“Os idiotas vão tomar conta do mundo; não pela capacidade, mas pela quantidade. Eles são muitos”, escreveu Nelson Rodrigues, antecipando uma tendência do século 21

CARLOS PLÁCIDO TEIXEIRA
Jornalista Responsável | Radar do Futuro
“As redes sociais deram voz a uma legião de imbecis, que antes só falavam em um bar, depois de uma taça de vinho, sem prejudicar a humanidade. Então, eram rapidamente silenciados, mas, agora, têm o mesmo direito de falar que um prêmio Nobel. É a invasão dos imbecis”. Todos os dias, Antônio, o dono do bar Pensadoria, o mais famoso de Serra Azul, um distrito perdido no interior de Minas, repete a frase famosa do filósofo e escritor italiano Umberto Eco.
Como representantes do grupo influente na sociedade, os clientes a quem ele dirige a frase não se ofendem. Afinal, ironiza o dono do bar, eles não entendem. Os bebedores permanecem alheios às ironias, enquanto destilam teorias delirantes em conversas sobre a situação do país e do mundo.
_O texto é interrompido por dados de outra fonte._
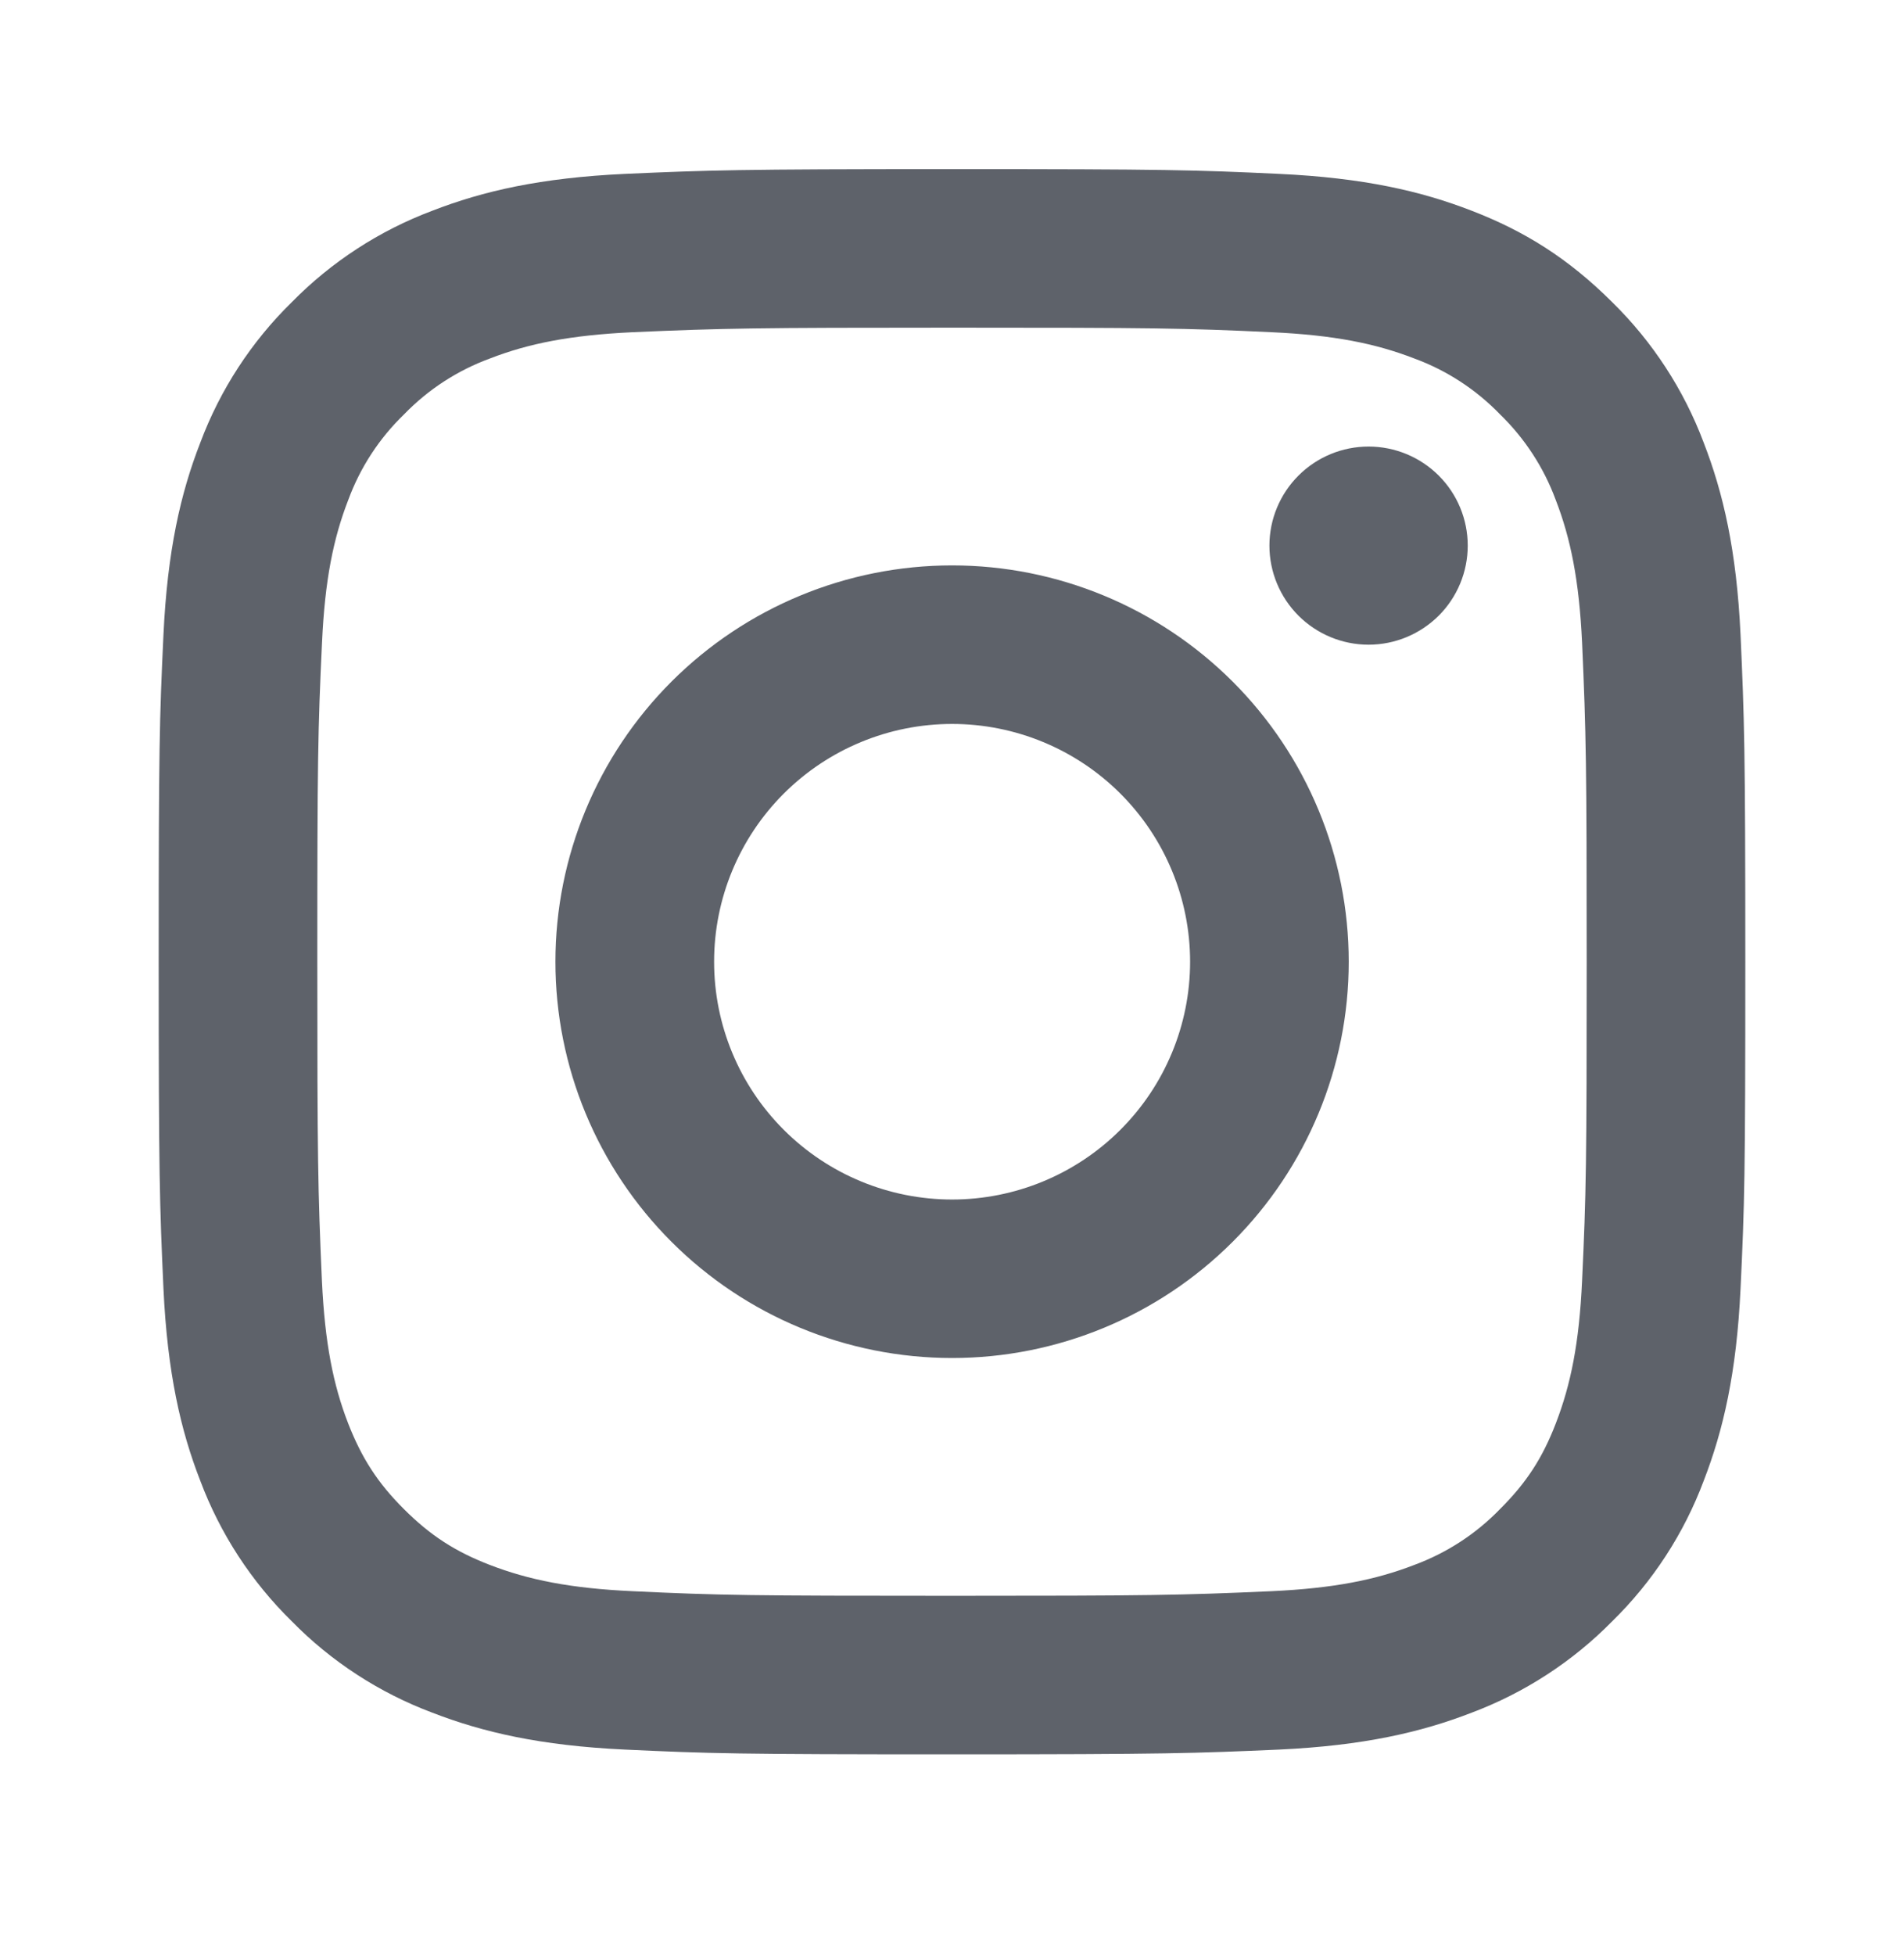 <svg width="38" height="39" viewBox="0 0 38 39" fill="none" xmlns="http://www.w3.org/2000/svg">
<path d="M19.002 14.443C17.742 14.443 16.534 14.943 15.643 15.832C14.752 16.722 14.252 17.929 14.252 19.187C14.252 20.445 14.752 21.652 15.643 22.541C16.534 23.431 17.742 23.931 19.002 23.931C20.261 23.931 21.47 23.431 22.36 22.541C23.251 21.652 23.752 20.445 23.752 19.187C23.752 17.929 23.251 16.722 22.36 15.832C21.47 14.943 20.261 14.443 19.002 14.443ZM19.002 11.28C21.101 11.28 23.115 12.114 24.599 13.596C26.084 15.079 26.918 17.09 26.918 19.187C26.918 21.284 26.084 23.295 24.599 24.777C23.115 26.26 21.101 27.093 19.002 27.093C16.902 27.093 14.888 26.26 13.404 24.777C11.919 23.295 11.085 21.284 11.085 19.187C11.085 17.09 11.919 15.079 13.404 13.596C14.888 12.114 16.902 11.28 19.002 11.28ZM29.293 10.885C29.293 11.409 29.085 11.912 28.714 12.283C28.342 12.653 27.839 12.862 27.314 12.862C26.789 12.862 26.286 12.653 25.915 12.283C25.544 11.912 25.335 11.409 25.335 10.885C25.335 10.361 25.544 9.858 25.915 9.488C26.286 9.117 26.789 8.909 27.314 8.909C27.839 8.909 28.342 9.117 28.714 9.488C29.085 9.858 29.293 10.361 29.293 10.885ZM19.002 6.537C15.084 6.537 14.445 6.548 12.622 6.628C11.381 6.687 10.548 6.853 9.776 7.153C9.129 7.39 8.544 7.771 8.066 8.265C7.57 8.743 7.189 9.327 6.951 9.973C6.65 10.748 6.484 11.578 6.427 12.816C6.344 14.562 6.333 15.172 6.333 19.187C6.333 23.101 6.344 23.738 6.425 25.558C6.484 26.796 6.65 27.629 6.949 28.399C7.218 29.087 7.535 29.582 8.061 30.107C8.594 30.639 9.09 30.956 9.771 31.219C10.553 31.521 11.386 31.688 12.621 31.745C14.369 31.828 14.98 31.837 19 31.837C22.919 31.837 23.557 31.826 25.379 31.745C26.617 31.687 27.45 31.521 28.224 31.222C28.87 30.984 29.455 30.604 29.934 30.11C30.468 29.579 30.786 29.084 31.049 28.402C31.35 27.625 31.518 26.793 31.575 25.556C31.657 23.812 31.667 23.2 31.667 19.187C31.667 15.275 31.656 14.636 31.575 12.816C31.516 11.579 31.348 10.745 31.049 9.973C30.811 9.328 30.43 8.744 29.936 8.265C29.457 7.77 28.873 7.389 28.226 7.152C27.45 6.851 26.617 6.685 25.379 6.628C23.633 6.546 23.022 6.537 19 6.537M19 3.374C23.302 3.374 23.839 3.39 25.528 3.469C27.213 3.548 28.362 3.812 29.371 4.204C30.416 4.606 31.296 5.15 32.176 6.028C32.982 6.818 33.605 7.774 34.002 8.83C34.393 9.837 34.659 10.985 34.738 12.669C34.813 14.354 34.833 14.891 34.833 19.187C34.833 23.483 34.818 24.019 34.738 25.705C34.659 27.389 34.393 28.535 34.002 29.544C33.606 30.6 32.983 31.556 32.176 32.346C31.385 33.15 30.427 33.772 29.371 34.169C28.362 34.56 27.213 34.826 25.528 34.905C23.839 34.979 23.302 35 19 35C14.698 35 14.161 34.984 12.472 34.905C10.787 34.826 9.639 34.56 8.629 34.169C7.572 33.773 6.614 33.151 5.824 32.346C5.018 31.556 4.395 30.6 3.998 29.544C3.605 28.537 3.341 27.389 3.262 25.705C3.186 24.019 3.167 23.483 3.167 19.187C3.167 14.891 3.183 14.354 3.262 12.669C3.341 10.985 3.605 9.838 3.998 8.83C4.394 7.774 5.017 6.817 5.824 6.028C6.615 5.223 7.572 4.601 8.629 4.204C9.638 3.812 10.786 3.548 12.472 3.469C14.163 3.395 14.7 3.374 19.002 3.374" fill="#0B111E" fill-opacity="0.66"/>
</svg>

Entre uma cerveja e outra, confirmam outro pensamento do italiano:
– “O drama da internet é que ela promoveu o idiota da aldeia a portador da verdade”.
Do lugarejo isolado, Antônio, um professor de filosofia aposentado, acompanha os acontecimentos do mundo com perplexidade. Os pensadores são a inspiração e a força para acompanhar e compreender as forças ocultas das notícias. A invasão da Venezuela e o sequestro do presidente Nicolas Maduro levaram, agora, à lembrança de Nelson Rodrigues, mestre na produção de reflexões sobre a natureza humana, falecido em 1980, bem antes de Umberto Eco registrar a frase famosa:
– “Os idiotas vão tomar conta do mundo; não pela capacidade, mas pela quantidade. Eles são muitos”, escreveu Nelson Rodrigues, antecipando uma tendência do século 21.
– “E têm dinheiro para formar exércitos de idiotas”, complementa o dono do bar.
É a enorme quantidade de imbecis que explica a ascensão de criaturas da extrema direita global. Sem a predominância do poder deles, Jair Bolsonaro não teria sido presidente do Brasil. E Donald Trump não estaria disseminando ódio pelo mundo como presidente dos Estados Unidos. E Nethanyaru não estaria cometendo genocídio impunemente na Faixa de Gaza.
Os apoiadores são capazes de aplaudir decisões que vão impactar negativamente o futuro deles mesmos. Afinal, como dizia Nelson Rodrigues, “na mente do idiota, a simplicidade é uma benção e a complexidade, um fardo”. Enquanto acompanha as conversas atrás do balcão no bar, Antônio vê a estupidez humana como um fenômeno subestimado pela sociedade.
Em um diário, o ex-professor registra a avaliação de que a influência da digitalização de tudo contribui para a proliferação dos estúpidos. São pessoas com incapacidade de aprendendizado, compreensão ou raciocínio. O modo de vida deles resulta em ações irracionais e prejudiciais, que causam dano a si mesmo e aos outros sem ganho pessoal.
O bar funciona como um laboratório que oferece visibilidade para o fenômeno social que transcende a educação e classe. Antônio encerra cada noite com a percepção mais clara sobre a exploração da humanidade por líderes através da propaganda e falta de pensamento crítico. Em casa, fecha bem as portas, como se pudesse neutralizar a estupidez, a ameaça à sociedade por sua natureza destrutiva e resistência à busca do conhecimento.